No hay peor imperio que el del miedo, y ese es el que domina Venezuela. Ayúdenos a romperlo. No con discursos, sino con su arrepentimiento público. Usted tiene una autoridad moral que puede servir para sanar. Pida perdón, Adolfo. No a mí, sino a las víctimas que ofendió sin querer. Hágalo por los niños que mueren en los hospitales sin luz, por los jóvenes que no volverán, por los que cruzan el Darién con los pies sangrantes. Hágalo para honrar al Adolfo de antes, al hombre que un día enfrentó a los tiranos con la fuerza de la verdad.

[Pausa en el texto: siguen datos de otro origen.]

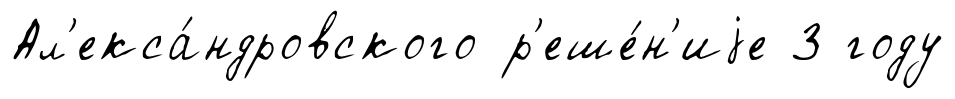
Ал'екса́ндровского р'еше́н'иjе 3 году
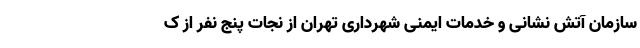
سازمان آتش نشانی و خدمات ایمنی شهرداری تهران از نجات پنج نفر از ک
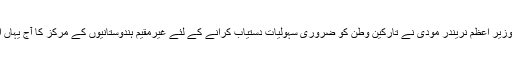
قبل ازیں وزیر اعظم نریندر مودی نے تارکین وطن کو ضروری سہولیات دستیاب کرانے کے لئے غیرمقیم ہندوستانیوں کے مرکز کا آج یہاں افتتاح کیا۔
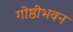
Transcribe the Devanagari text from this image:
गोष्ठीभवन
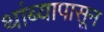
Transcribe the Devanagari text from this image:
थांब्यापासून
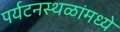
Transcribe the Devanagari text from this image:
पर्यटनस्थळांमध्ये
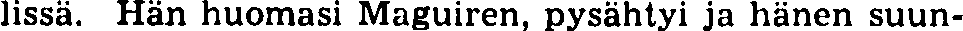
lissä. Hän huomasi Maguiren, pysähtyi ja hänen suun-
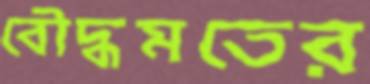
বৌদ্ধমতের
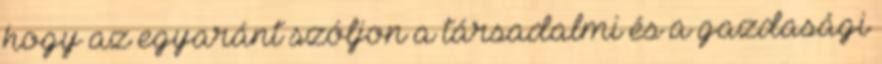
hogy az egyaránt szóljon a társadalmi és a gazdasági
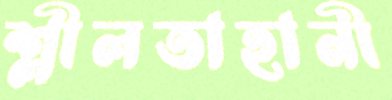
শ্লীলতাহানী
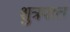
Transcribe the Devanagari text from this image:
शुत्रपात
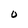
Character: O
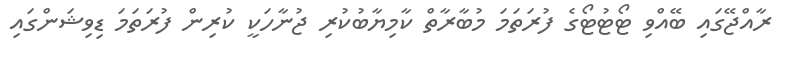
ރާއްޖޭގައި ބޭއްވި ޓޯޓުޓޯގެ ފުރަތަމަ މުބާރާތް ކާމިޔާބުކުރި ޖުނާހަކީ ކުރިން ފުރަތަމަ ޑިވިޝަންގައި
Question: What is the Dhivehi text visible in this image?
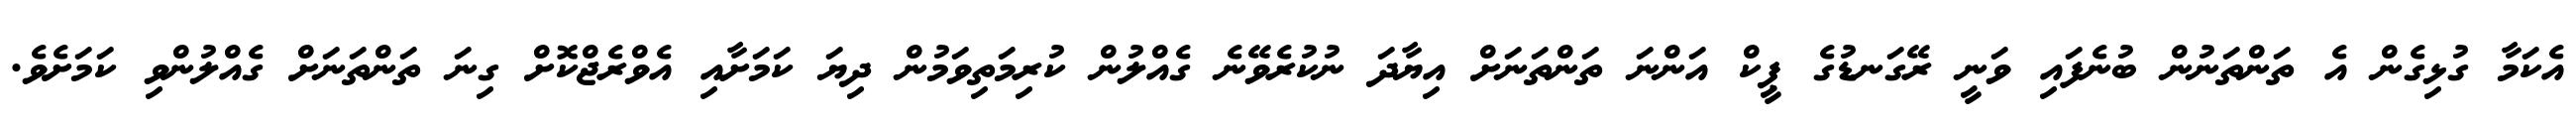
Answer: އެކަމާ ގުޅިގެން އެ ތަންތަނުން ބުނެފައި ވަނީ ރޭގަނޑުގެ ޕީކް އަންނަ ތަންތަނަށް އިޔާދަ ނުކުރެވޭނެ ގެއްލުން ކުރިމަތިވަމުން ދިޔަ ކަމަށާއި އެވްރެޖްކޮށް ގިނަ ތަންތަނަށް ގެއްލުންވި ކަމަށެވެ.
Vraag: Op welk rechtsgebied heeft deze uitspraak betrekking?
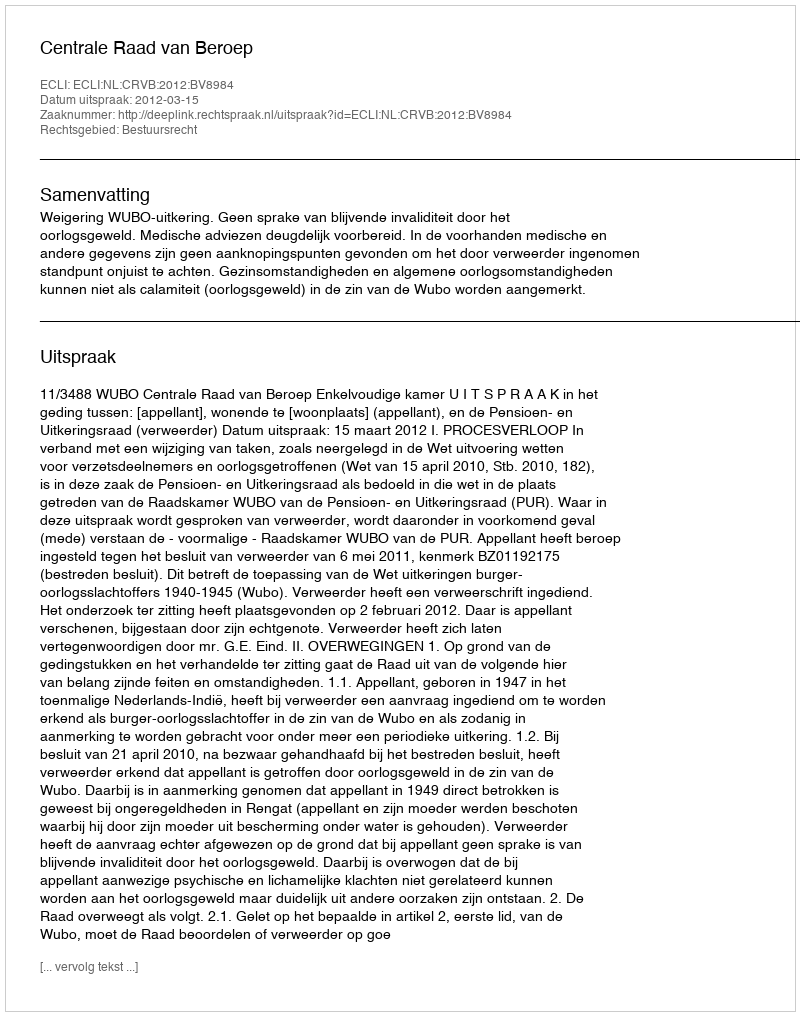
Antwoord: Bestuursrecht
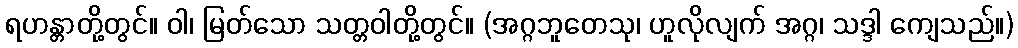
ရဟန္တာတို့တွင်။ ဝါ၊ မြတ်သော သတ္တဝါတို့တွင်။ (အဂ္ဂဘူတေသု၊ ဟူလိုလျက် အဂ္ဂ၊ သဒ္ဒါ ကျေသည်။)
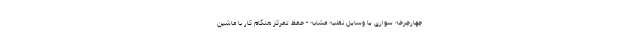
چهارچرخه سواری یا وسایل نقلیه مشابه - حفظ تمرکز هنگام کار با ماشین
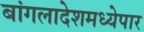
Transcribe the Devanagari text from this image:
बांगलादेशमध्येपार
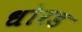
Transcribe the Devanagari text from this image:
धोरड
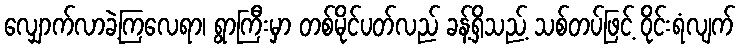
လျှောက်လာခဲ့ကြလေရာ၊ ရွာကြီးမှာ တစ်မိုင်ပတ်လည် ခန့်ရှိသည့် သစ်တပ်ဖြင့် ဝိုင်းရံလျက်
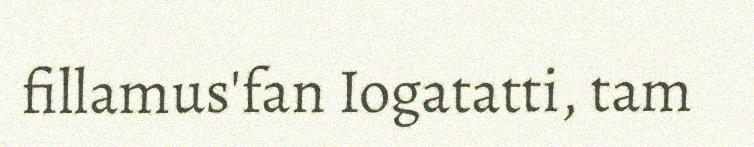
fillamus'fan Iogatatti, tam
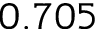
0 . 7 0 5
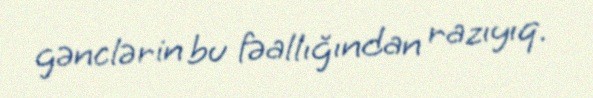
gənclərin bu fəallığından razıyıq.
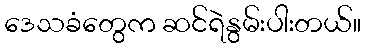
ဒေသခံတွေက ဆင်ရဲနွမ်းပါးတယ်။
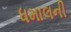
ધમાલની
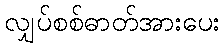
လျှပ်စစ်ဓာတ်အားပေး
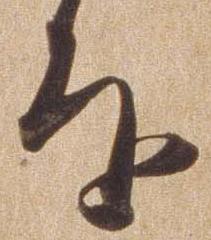
を
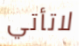
لاتأتي
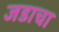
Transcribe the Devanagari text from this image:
जडाचा
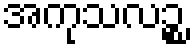
အကုသလဉ္စ
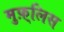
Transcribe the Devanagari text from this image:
मुफ़्लिस
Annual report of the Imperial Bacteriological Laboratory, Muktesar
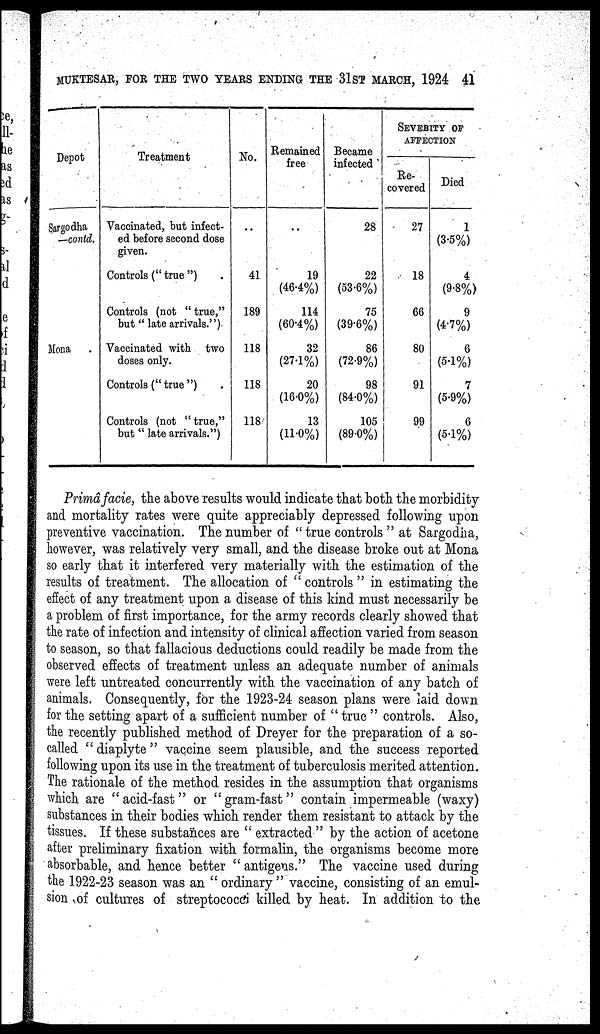
MUKTESAR, FOR THE TWO YEARS ENDING THE 31ST MARCH, 1924 41
Depot
Sargodha
-contd.
Mona
Treatment
Vaccinated, but infect-
ed before second dose
given.
Controls ("true")
Controls (not "true,"
but" late arrivals.")
Vaccinated with two
doses only.
Controls (" true ")
Controls (not " true,"
but" late arrivals.")
No.
..
41
189
118
118
118
Remained
free
..
19
(46.4%)
114
(60.4%)
32
(27.1%)
20
(16.0%)
13
(11.0%)
Became
infected
28
22
(53.6%)
75
(39.6%)
86
(72.9%)
98
(84.0%)
105
(89.0%)
SEVEBITY OF
AFFECTION
Re-
covered
27
18
66
80
91
99
Died
1
(3.5%)
4
(9.8%)
9
(4.7%)
6
(5.1%)
7
(5.9%)
6
(5.1%)
Primâ facie, the above results would indicate that both the morbidity
and mortality rates were quite appreciably depressed following upon
preventive vaccination. The number of " true controls " at Sargodha,
however, was relatively very small, and the disease broke out at Mona
so early that it interfered very materially with the estimation of the
results of treatment. The allocation of " controls " in estimating the
effect of any treatment upon a disease of this kind must necessarily be
a problem of first importance, for the army records clearly showed that
the rate of infection and intensity of clinical affection varied from season
to season, so that fallacious deductions could readily be made from the
observed effects of treatment unless an adequate number of animals
were left untreated concurrently with the vaccination of any batch of
animals. Consequently, for the 1923-24 season plans were laid down
for the setting apart of a sufficient number of " true " controls. Also,
the recently published method of Dreyer for the preparation of a so-
called "diaplyte" vaccine seem plausible, and the success reported
following upon its use in the treatment of tuberculosis merited attention.
The rationale of the method resides in the assumption that organisms
which are "acid-fast" or "gram-fast" contain impermeable (waxy)
substances in their bodies which render them resistant to attack by the
tissues. If these substances are " extracted " by the action of acetone
after preliminary fixation with formalin, the organisms become more
absorbable, and hence better " antigens." The vaccine used during
the 1922-23 season was an " ordinary " vaccine, consisting of an emul-
sion of cultures of streptococci killed by heat. In addition to the
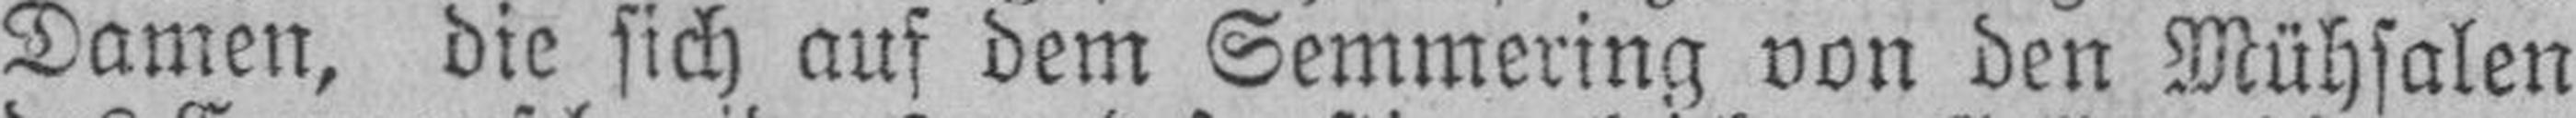
Damen, die sich auf dem Semmering von den Mühsalen
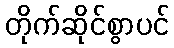
တိုက်ဆိုင်စွာပင်
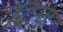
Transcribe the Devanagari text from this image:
दित्यः
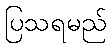
ပြသရမည်
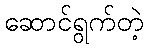
ဆောင်ရွက်တဲ့
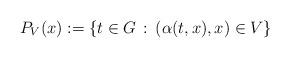
LaTeX: \begin{align*}P_{V}(x):=\{ t \in G \,:\, (\alpha(t,x), x) \in V \}\end{align*}
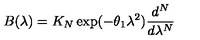
B ( \lambda ) = K _ { N } \exp ( - \theta _ { 1 } \lambda ^ { 2 } ) \frac { d ^ { N } } { d \lambda ^ { N } }
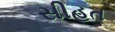
સીહત
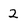
Character: 2
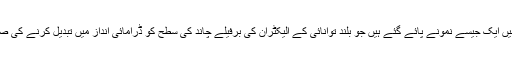
میماس اور تیتھس دونوں میں ایک جیسے نمونے پائے گئے ہیں جو بلند توانائی کے الیکٹران کی برفیلے چاند کی سطح کو ڈرامائی انداز میں تبدیل کرنے کی صلاحیت کو بیان کرتے ہیں۔
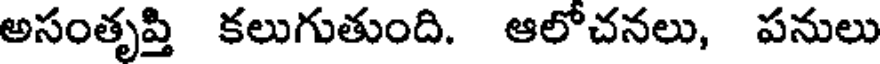
అసంతృప్తి కలుగుతుంది. ఆలోచనలు, పనులు
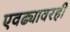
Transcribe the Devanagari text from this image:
एवढ्यावरही
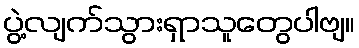
ပွဲ့လျက်သွားရှာသူတွေပါဗျ။
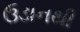
ઉડાનથી
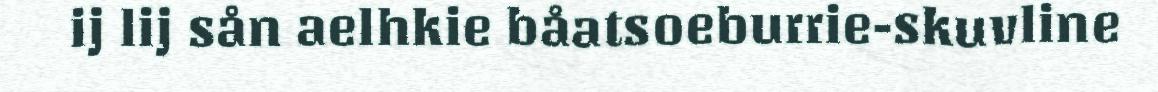
ij lij sån aelhkie båatsoeburrie-skuvline
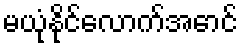
မယုံနိုင်လောက်အောင်
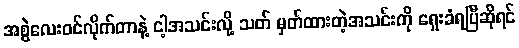
အစွဲလေးဝင်လိုက်တာနဲ့ ငါ့အသင်းလို့ သတ် မှတ်ထားတဲ့အသင်းကို ရှေးခံရပြီဆိုရင်
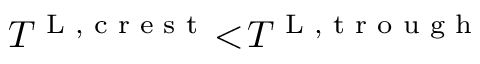
T ^ { \textnormal { L , c r e s t } } \! < \! T ^ { \textnormal { L , t r o u g h } }
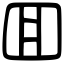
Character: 囬
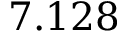
7 . 1 2 8
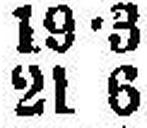
21 6
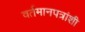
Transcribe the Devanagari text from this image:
वर्तमानपत्रांशी
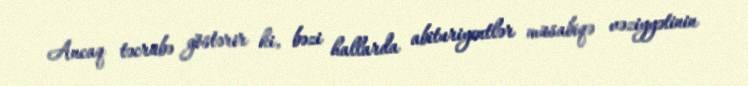
Ancaq təcrübə göstərir ki, bəzi hallarda abituriyentlər müsabiqə vəziyyətinin
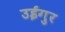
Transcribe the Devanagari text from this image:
उईगुर
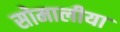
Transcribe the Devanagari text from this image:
सोमालीया
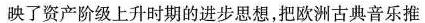
映了资产阶级上升时期的进步思想，把欧洲古典音乐推
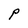
Character: P
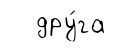
дру́га
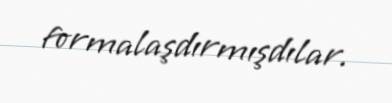
formalaşdırmışdılar.
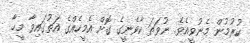
ކުރުމުން މެނުވީއެވެ. ނުވަތަ ކާވެނީގެ ގޮށް އެމީހެއްގެ އަތުގައިވާ މީހާ
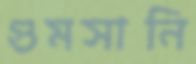
গুমসানি
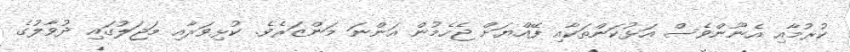
ކުރުމާއި އެނޫންވެސް އަޅުކަންތަކާއި ފޭއްޔަށް ޖެހެމުން އަންނަ މަންޒަރެވެ. ކުޅިވަރާއި މަޖަލުގައި ދުވާލުގެ
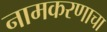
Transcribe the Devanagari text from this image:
नामकरणाचा
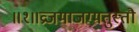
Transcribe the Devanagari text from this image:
॥१॥व्रजमाजग्मतुस्तौ
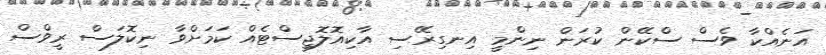
އަނެއްކާ ވެސް ސްކޭން ކުރަން ނިންމީ އިނގިރޭސި އާކިއޮލޮޖިސްޓެއް ކަމަށްވާ ނިކޮލަސް ރީވްސް
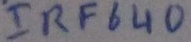
Text: IRF640
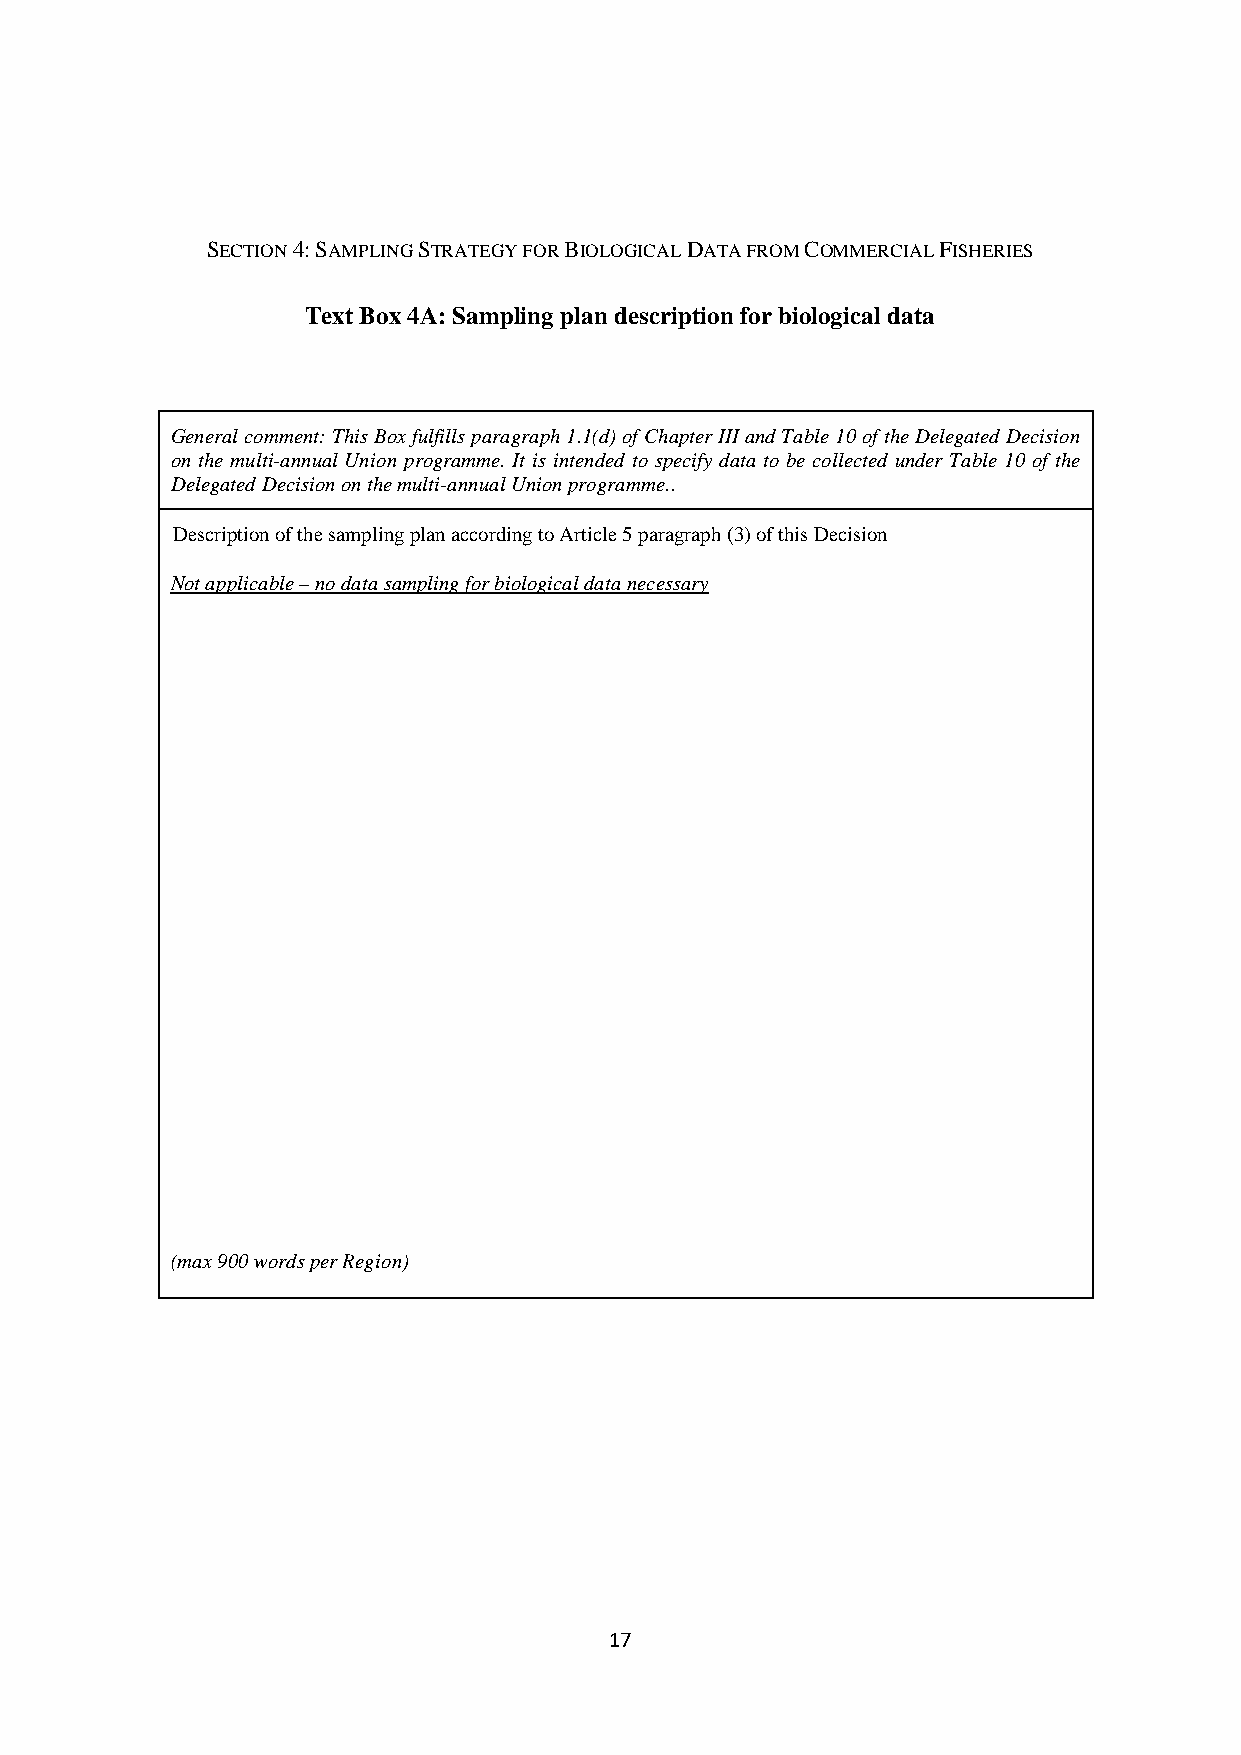
SECTION 4: SAMPLING STRATEGY FOR BIOLOGICAL DATA FROM COMMERCIAL FISHERIES
 Text Box 4A: Sampling plan description for biological data
 General comment: This Box fulfills paragraph 1.1(d) of Chapter III and Table 10 of the Delegated Decision
 on the multi-annual Union programme. It is intended to specify data to be collected under Table 10 of the
 Delegated Decision on the multi-annual Union programme..
 Description of the sampling plan according to Article 5 paragraph (3) of this Decision
 Not applicable – no data sampling for biological data necessary
 (max 900 words per Region)
 17
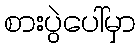
စားပွဲပေါ်မှာ
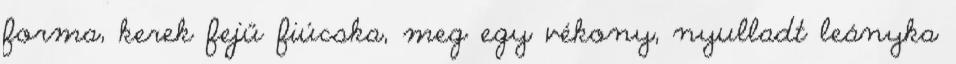
forma, kerek fejű fiúcska, meg egy vékony, nyulladt leányka
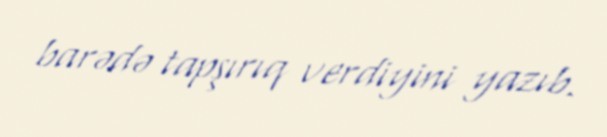
barədə tapşırıq verdiyini yazıb.
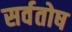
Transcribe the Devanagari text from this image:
सर्वतोष
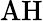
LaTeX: \mathrm{AH}
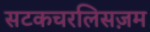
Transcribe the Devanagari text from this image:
सटकचरलिसज़म
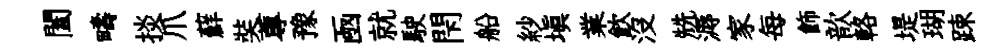
闔疇掞爪蘚奘蓴豫凾就駛閇船紗填業飲没兟溽家每飾歆輅堤瑚踈
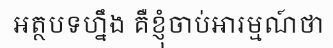
អត្ថបទហ្នឹង គឺខ្ញុំចាប់អារម្មណ៍ថា
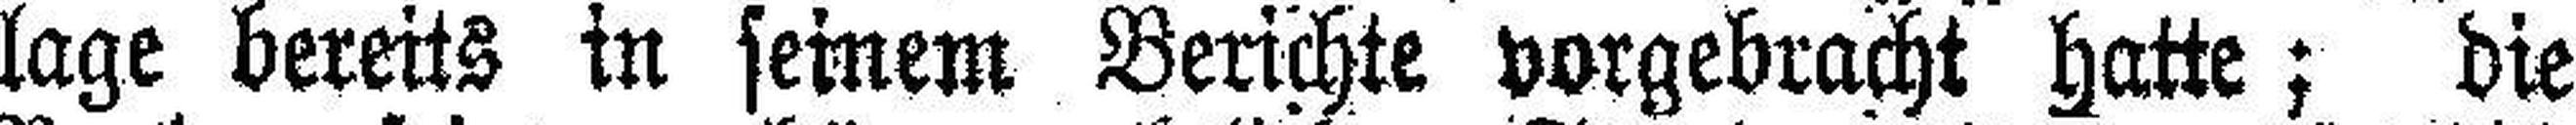
lage bereits in seinem Berichte vorgebracht hatte; die

Yo no le escribo desde el odio, sino desde la esperanza. Creo que todavía puede rectificar. Y cuando lo haga —porque confío en que lo hará—, sabrá que su palabra tendrá más poder que nunca, porque habrá sido lavada en el dolor de un pueblo que aún cree en la reconciliación.
La historia lo recordará por su lucha, pero también por su humildad si decide mirar de nuevo. Rectificar no es debilidad, es grandeza. Usted lo sabe, porque lo ha vivido. Que no lo engañen quienes usan su nombre para legitimar el oprobio. La verdadera paz no se alcanza callando a los que claman, sino escuchándolos. Y yo le aseguro que en Venezuela hay un clamor que solo un hombre de su estatura moral puede oír.
Dios lo ilumine, Adolfo, para que su último gesto en esta tierra sea el de reconciliarse con la verdad. Porque ningún premio, ninguna medalla, ningún discurso vale más que eso: reconocer el error y ponerse del lado de la justicia.